CockroachDB guarantees that a cluster will remain able to serve clients and read/write data, even if some portion of the infrastructure becomes unavailable. Network connections may fail; individual nodes may crash; whole regions of the cloud may become inaccessible. But, within the limits of the defined replication scheme and quorum-based voting, the cluster stays up and running, handling client connections, planning and executing SQL queries, and storing and serving data.

Note that this availability guarantee applies to the cluster as a whole, and to the data within it; no such guarantee is made about the health of any individual node in the cluster. Individual nodes may be terminated for any number of reasons. Because a CockroachDB cluster can always survive the loss of a single node, clusters are typically upgraded via “rolling updates”, where one node at a time is shut down, outfitted with an updated executable, or VM, or node configuration, and then restarted. If, during normal operation, a node becomes too busy, or unstable, or runs out of memory, it will shut itself down rather than become a burden on cluster performance. In all these cases, the cluster accommodates the loss of the node, and reincorporates the node into the cluster when it comes back up.

Application Reconnection & Testing

When a SQL client connects to the cluster, it connects to some arbitrary node (referred to as that client’s “gateway node”); which specific node is serving as gateway to that client doesn’t really matter. Every operation submitted to the gateway node gets handled by the cluster, and could as easily have been submitted to any of the other nodes.

Because a SQL client may be connected to any node of the cluster, and because any given node of a cluster might be terminated at any time, it is the responsibility of the application to detect any unexpected network disconnection from its gateway node, and to reconnect to some other node of the cluster.

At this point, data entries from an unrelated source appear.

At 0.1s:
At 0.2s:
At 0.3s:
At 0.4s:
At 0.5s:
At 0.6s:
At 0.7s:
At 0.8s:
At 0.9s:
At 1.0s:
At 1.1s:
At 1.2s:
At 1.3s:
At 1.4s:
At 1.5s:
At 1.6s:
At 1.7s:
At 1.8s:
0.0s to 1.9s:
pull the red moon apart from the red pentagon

Code - especially error handling code - needs to be well tested. Best practices dictate that testing be performed in an environment that’s as close as possible to the target production environment, and under conditions as close as possible to real-world conditions. For an application intended to work with a CockroachDB Dedicated cluster, this means testing against a CockroachDB Dedicated cluster. To make sure that the orchestration and Load Balancer are the same as the target environment, the test should be conducted with a Dedicated cluster hosted in the same cloud provider as the production system.

The condition we’re trying to detect is unexpected termination of the gateway node. The appropriate test scenario is to kill the gateway node and see:

whether the client detects the resultant loss of connection
and then attempts to reconnect to the cluster
whether the reconnection is successful, and to which node

In a self-hosted cluster, we could arrange to have access to the host machine and terminate the node however we like: kill the cockroach process, or terminate the Kubernetes pod the process is running in, or shut down the host altogether. In a Dedicated cluster, we don’t have access to any of those options.

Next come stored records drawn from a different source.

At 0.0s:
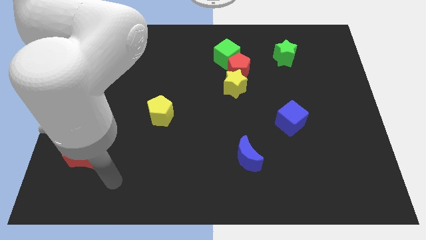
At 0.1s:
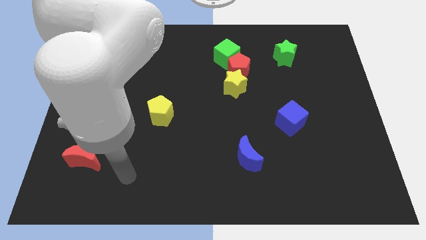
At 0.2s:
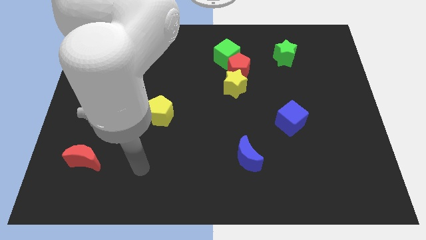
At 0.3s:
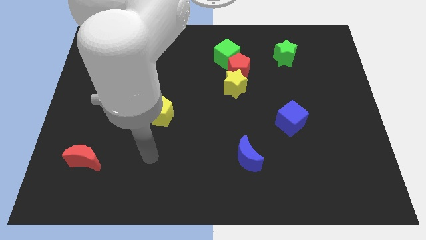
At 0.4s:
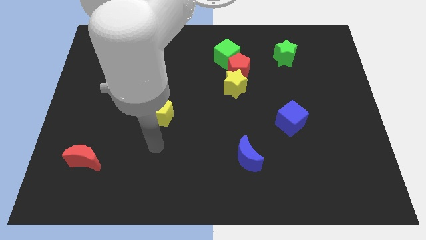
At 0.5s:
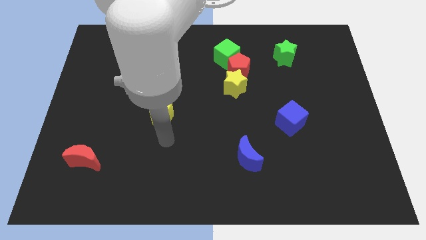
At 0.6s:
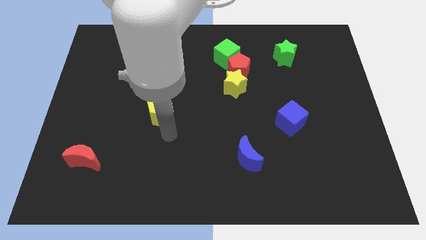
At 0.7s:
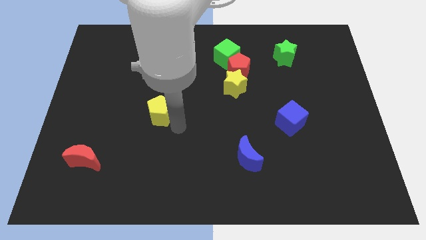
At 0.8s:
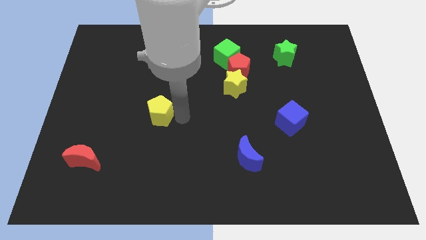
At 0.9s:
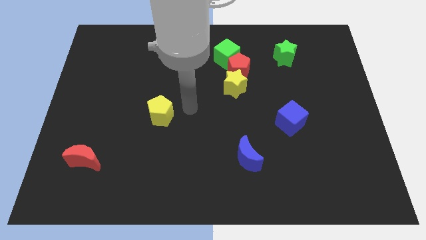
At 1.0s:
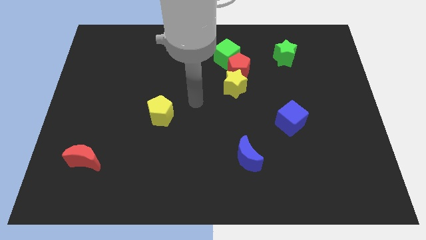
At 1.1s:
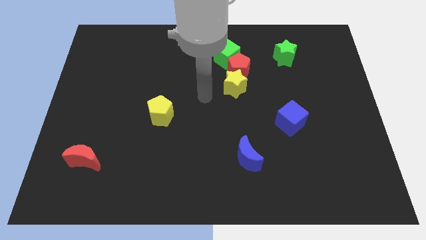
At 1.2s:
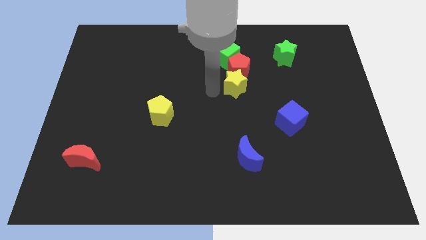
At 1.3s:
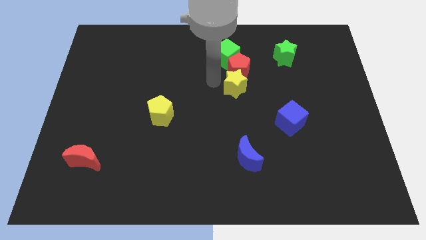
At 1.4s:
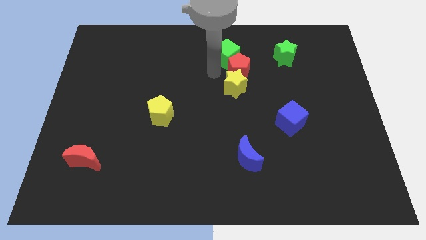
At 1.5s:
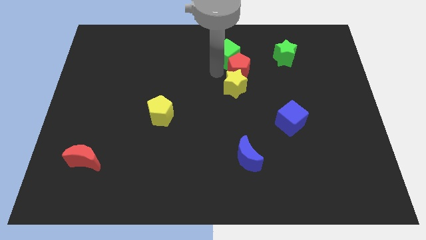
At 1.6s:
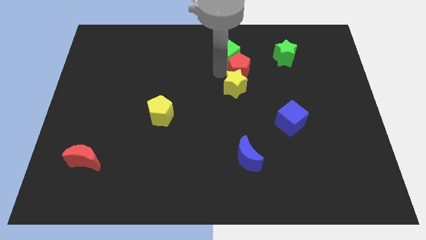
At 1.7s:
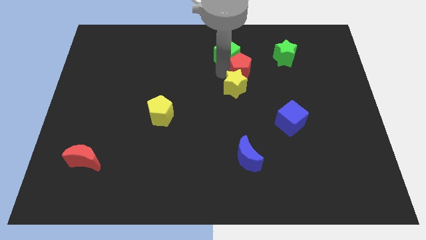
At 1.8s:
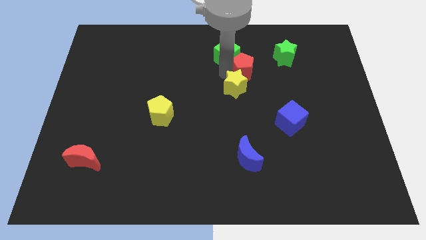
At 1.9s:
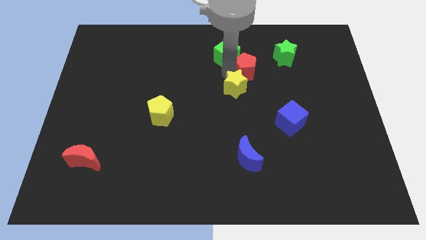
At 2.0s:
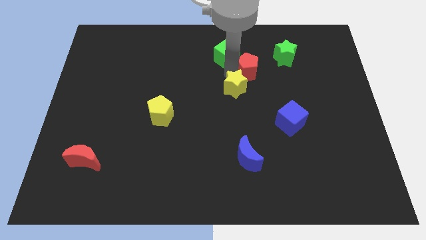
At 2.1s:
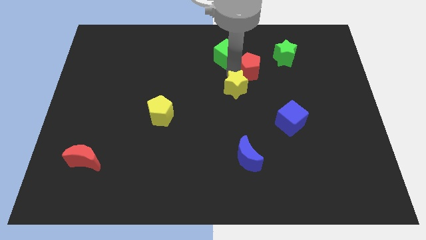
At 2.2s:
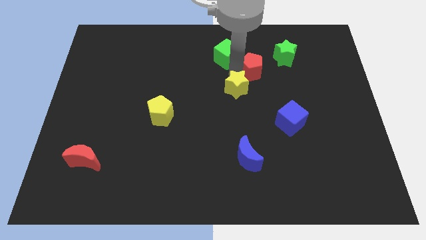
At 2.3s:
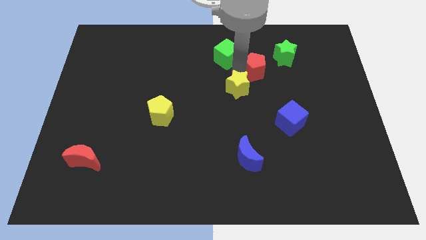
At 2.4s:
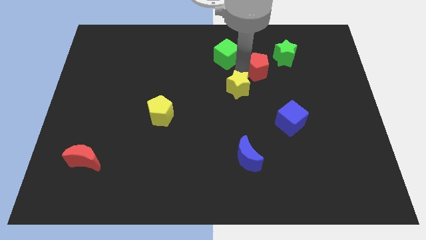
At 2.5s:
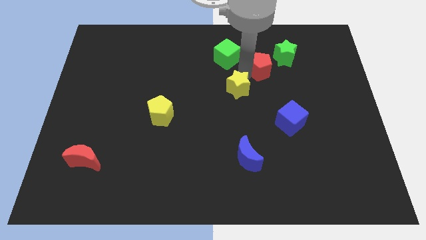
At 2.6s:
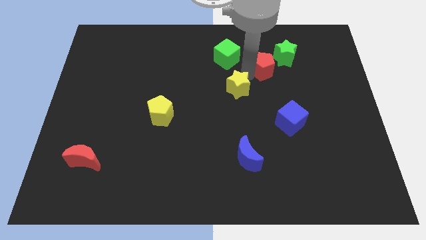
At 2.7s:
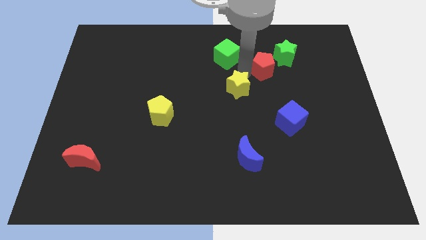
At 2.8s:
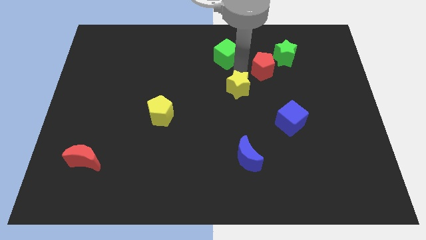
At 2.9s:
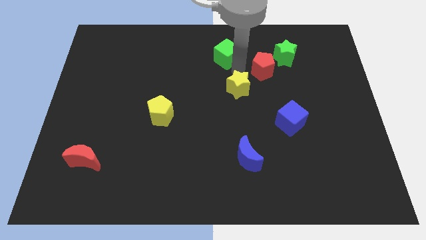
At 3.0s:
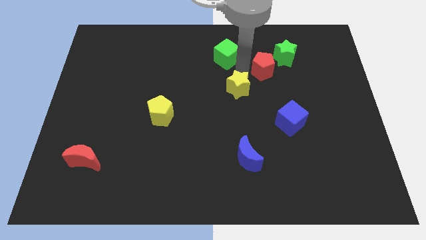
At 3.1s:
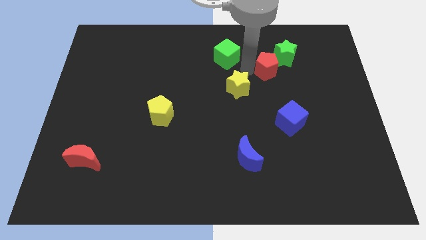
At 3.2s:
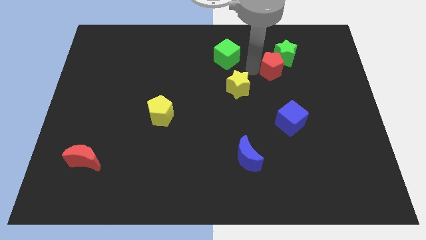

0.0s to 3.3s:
pull the red pentagon apart from the yellow star and green cube

So the question to answer is "How do we kill a specific node in a managed cluster?"

Solution 1: Command Termination

The CockroachDB reference documentation offers a possibility: a SQL utility function to kill the gateway node. crdb_internal.force_panic(msg) lets a SQL client force the cockroach process to panic, and to output the passed error message to the log.

Unfortunately, while that function is available to clients of a self-hosted cluster, it is not available in a Dedicated cluster:

> select * from crdb_internal.force_panic('TESTING!');
ERROR: crdb_internal.force_panic(): insufficient privilege
SQLSTATE: 42501

Solution 2: Involve the Site Reliability Engineer

CockroachDB Site Reliability Engineers (SREs) have complete access to all the levels of a Dedicated cluster, and can easily create the necessary test conditions. There are a number of advantages to having the SRE involved in a system test:

The SRE can readily create any number of different failure scenarios, allowing us to test our application’s handling of a range of subtly different failure recovery behaviors.
The SRE is the go-to resource for handling problems with the cluster; having the SRE on hand during testing minimizes the risks associated with disruptive operations.
The SRE also has access to the best available introspection into the cluster; the test exercise can produce much more detailed results if the SRE is involved than otherwise.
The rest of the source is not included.